Please return every record exactly as it appears.

Collected data entries
____________________
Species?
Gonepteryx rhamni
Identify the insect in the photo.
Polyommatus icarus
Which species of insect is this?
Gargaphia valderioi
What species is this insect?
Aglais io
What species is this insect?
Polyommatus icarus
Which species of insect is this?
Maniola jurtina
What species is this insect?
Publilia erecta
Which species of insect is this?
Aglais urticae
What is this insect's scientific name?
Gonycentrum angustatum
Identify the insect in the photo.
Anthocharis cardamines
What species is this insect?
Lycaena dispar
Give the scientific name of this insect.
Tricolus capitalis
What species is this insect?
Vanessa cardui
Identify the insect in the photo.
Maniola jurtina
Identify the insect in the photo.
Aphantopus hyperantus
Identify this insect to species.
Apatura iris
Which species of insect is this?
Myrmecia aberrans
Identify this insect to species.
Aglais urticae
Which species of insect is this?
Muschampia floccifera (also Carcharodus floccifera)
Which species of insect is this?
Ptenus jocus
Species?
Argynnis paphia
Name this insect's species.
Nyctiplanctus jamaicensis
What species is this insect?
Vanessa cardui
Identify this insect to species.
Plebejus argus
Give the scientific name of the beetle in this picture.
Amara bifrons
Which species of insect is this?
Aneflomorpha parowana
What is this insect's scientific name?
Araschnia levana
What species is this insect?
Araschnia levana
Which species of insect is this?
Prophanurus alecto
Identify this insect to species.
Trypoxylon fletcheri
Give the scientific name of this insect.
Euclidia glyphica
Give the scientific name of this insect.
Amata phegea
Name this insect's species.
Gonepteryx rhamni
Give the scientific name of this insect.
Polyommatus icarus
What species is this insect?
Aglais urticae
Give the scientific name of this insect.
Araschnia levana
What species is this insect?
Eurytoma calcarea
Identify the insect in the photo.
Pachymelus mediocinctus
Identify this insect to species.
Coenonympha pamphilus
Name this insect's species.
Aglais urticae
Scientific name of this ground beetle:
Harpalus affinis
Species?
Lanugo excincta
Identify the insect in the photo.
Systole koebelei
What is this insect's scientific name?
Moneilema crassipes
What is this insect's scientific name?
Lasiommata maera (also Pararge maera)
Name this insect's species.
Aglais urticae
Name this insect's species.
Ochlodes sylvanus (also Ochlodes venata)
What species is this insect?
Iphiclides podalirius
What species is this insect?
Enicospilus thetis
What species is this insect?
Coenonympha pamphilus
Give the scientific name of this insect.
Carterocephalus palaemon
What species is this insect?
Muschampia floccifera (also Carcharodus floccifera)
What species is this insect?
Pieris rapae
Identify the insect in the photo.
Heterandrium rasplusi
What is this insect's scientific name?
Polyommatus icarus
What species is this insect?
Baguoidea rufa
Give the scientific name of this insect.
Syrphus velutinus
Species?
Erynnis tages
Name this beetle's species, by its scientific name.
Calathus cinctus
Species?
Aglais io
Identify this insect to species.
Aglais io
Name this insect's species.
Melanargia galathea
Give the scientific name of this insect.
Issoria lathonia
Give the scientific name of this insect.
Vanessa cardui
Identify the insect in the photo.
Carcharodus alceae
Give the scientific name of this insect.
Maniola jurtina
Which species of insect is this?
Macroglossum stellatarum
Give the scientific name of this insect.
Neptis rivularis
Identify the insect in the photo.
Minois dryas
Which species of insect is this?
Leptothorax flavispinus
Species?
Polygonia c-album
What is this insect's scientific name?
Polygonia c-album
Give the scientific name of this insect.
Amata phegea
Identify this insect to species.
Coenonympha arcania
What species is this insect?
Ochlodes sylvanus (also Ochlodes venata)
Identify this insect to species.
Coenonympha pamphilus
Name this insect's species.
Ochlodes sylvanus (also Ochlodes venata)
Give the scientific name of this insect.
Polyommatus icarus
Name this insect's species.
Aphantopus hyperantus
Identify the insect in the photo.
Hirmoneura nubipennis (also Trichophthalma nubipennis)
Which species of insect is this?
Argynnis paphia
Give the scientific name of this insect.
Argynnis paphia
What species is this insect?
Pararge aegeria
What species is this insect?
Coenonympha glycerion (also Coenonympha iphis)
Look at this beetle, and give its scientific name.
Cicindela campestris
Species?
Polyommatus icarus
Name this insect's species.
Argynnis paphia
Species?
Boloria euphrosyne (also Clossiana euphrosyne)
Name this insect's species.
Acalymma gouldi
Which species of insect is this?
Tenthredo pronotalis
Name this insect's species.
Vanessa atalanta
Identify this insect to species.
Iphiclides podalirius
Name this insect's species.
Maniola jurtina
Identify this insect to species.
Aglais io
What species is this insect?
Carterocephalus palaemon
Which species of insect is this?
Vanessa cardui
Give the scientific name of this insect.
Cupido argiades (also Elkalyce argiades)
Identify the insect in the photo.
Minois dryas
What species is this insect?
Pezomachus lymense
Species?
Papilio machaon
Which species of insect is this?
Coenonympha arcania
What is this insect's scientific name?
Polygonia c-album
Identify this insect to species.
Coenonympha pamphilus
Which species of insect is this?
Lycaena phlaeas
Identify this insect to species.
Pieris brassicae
____________________
• [RESPONSE TO THIS EXERCISE]:
Species?
Gonepteryx rhamni
Identify the insect in the photo.
Polyommatus icarus
Which species of insect is this?
Gargaphia valderioi
What species is this insect?
Aglais io
What species is this insect?
Polyommatus icarus
Which species of insect is this?
Maniola jurtina
What species is this insect?
Publilia erecta
Which species of insect is this?
Aglais urticae
What is this insect's scientific name?
Gonycentrum angustatum
Identify the insect in the photo.
Anthocharis cardamines
What species is this insect?
Lycaena dispar
Give the scientific name of this insect.
Tricolus capitalis
What species is this insect?
Vanessa cardui
Identify the insect in the photo.
Maniola jurtina
Identify the insect in the photo.
Aphantopus hyperantus
Identify this insect to species.
Apatura iris
Which species of insect is this?
Myrmecia aberrans
Identify this insect to species.
Aglais urticae
Which species of insect is this?
Muschampia floccifera (also Carcharodus floccifera)
Which species of insect is this?
Ptenus jocus
Species?
Argynnis paphia
Name this insect's species.
Nyctiplanctus jamaicensis
What species is this insect?
Vanessa cardui
Identify this insect to species.
Plebejus argus
Give the scientific name of the beetle in this picture.
Amara bifrons
Which species of insect is this?
Aneflomorpha parowana
What is this insect's scientific name?
Araschnia levana
What species is this insect?
Araschnia levana
Which species of insect is this?
Prophanurus alecto
Identify this insect to species.
Trypoxylon fletcheri
Give the scientific name of this insect.
Euclidia glyphica
Give the scientific name of this insect.
Amata phegea
Name this insect's species.
Gonepteryx rhamni
Give the scientific name of this insect.
Polyommatus icarus
What species is this insect?
Aglais urticae
Give the scientific name of this insect.
Araschnia levana
What species is this insect?
Eurytoma calcarea
Identify the insect in the photo.
Pachymelus mediocinctus
Identify this insect to species.
Coenonympha pamphilus
Name this insect's species.
Aglais urticae
Scientific name of this ground beetle:
Harpalus affinis
Species?
Lanugo excincta
Identify the insect in the photo.
Systole koebelei
What is this insect's scientific name?
Moneilema crassipes
What is this insect's scientific name?
Lasiommata maera (also Pararge maera)
Name this insect's species.
Aglais urticae
Name this insect's species.
Ochlodes sylvanus (also Ochlodes venata)
What species is this insect?
Iphiclides podalirius
What species is this insect?
Enicospilus thetis
What species is this insect?
Coenonympha pamphilus
Give the scientific name of this insect.
Carterocephalus palaemon
What species is this insect?
Muschampia floccifera (also Carcharodus floccifera)
What species is this insect?
Pieris rapae
Identify the insect in the photo.
Heterandrium rasplusi
What is this insect's scientific name?
Polyommatus icarus
What species is this insect?
Baguoidea rufa
Give the scientific name of this insect.
Syrphus velutinus
Species?
Erynnis tages
Name this beetle's species, by its scientific name.
Calathus cinctus
Species?
Aglais io
Identify this insect to species.
Aglais io
Name this insect's species.
Melanargia galathea
Give the scientific name of this insect.
Issoria lathonia
Give the scientific name of this insect.
Vanessa cardui
Identify the insect in the photo.
Carcharodus alceae
Give the scientific name of this insect.
Maniola jurtina
Which species of insect is this?
Macroglossum stellatarum
Give the scientific name of this insect.
Neptis rivularis
Identify the insect in the photo.
Minois dryas
Which species of insect is this?
Leptothorax flavispinus
Species?
Polygonia c-album
What is this insect's scientific name?
Polygonia c-album
Give the scientific name of this insect.
Amata phegea
Identify this insect to species.
Coenonympha arcania
What species is this insect?
Ochlodes sylvanus (also Ochlodes venata)
Identify this insect to species.
Coenonympha pamphilus
Name this insect's species.
Ochlodes sylvanus (also Ochlodes venata)
Give the scientific name of this insect.
Polyommatus icarus
Name this insect's species.
Aphantopus hyperantus
Identify the insect in the photo.
Hirmoneura nubipennis (also Trichophthalma nubipennis)
Which species of insect is this?
Argynnis paphia
Give the scientific name of this insect.
Argynnis paphia
What species is this insect?
Pararge aegeria
What species is this insect?
Coenonympha glycerion (also Coenonympha iphis)
Look at this beetle, and give its scientific name.
Cicindela campestris
Species?
Polyommatus icarus
Name this insect's species.
Argynnis paphia
Species?
Boloria euphrosyne (also Clossiana euphrosyne)
Name this insect's species.
Acalymma gouldi
Which species of insect is this?
Tenthredo pronotalis
Name this insect's species.
Vanessa atalanta
Identify this insect to species.
Iphiclides podalirius
Name this insect's species.
Maniola jurtina
Identify this insect to species.
Aglais io
What species is this insect?
Carterocephalus palaemon
Which species of insect is this?
Vanessa cardui
Give the scientific name of this insect.
Cupido argiades (also Elkalyce argiades)
Identify the insect in the photo.
Minois dryas
What species is this insect?
Pezomachus lymense
Species?
Papilio machaon
Which species of insect is this?
Coenonympha arcania
What is this insect's scientific name?
Polygonia c-album
Identify this insect to species.
Coenonympha pamphilus
Which species of insect is this?
Lycaena phlaeas
Identify this insect to species.
Pieris brassicae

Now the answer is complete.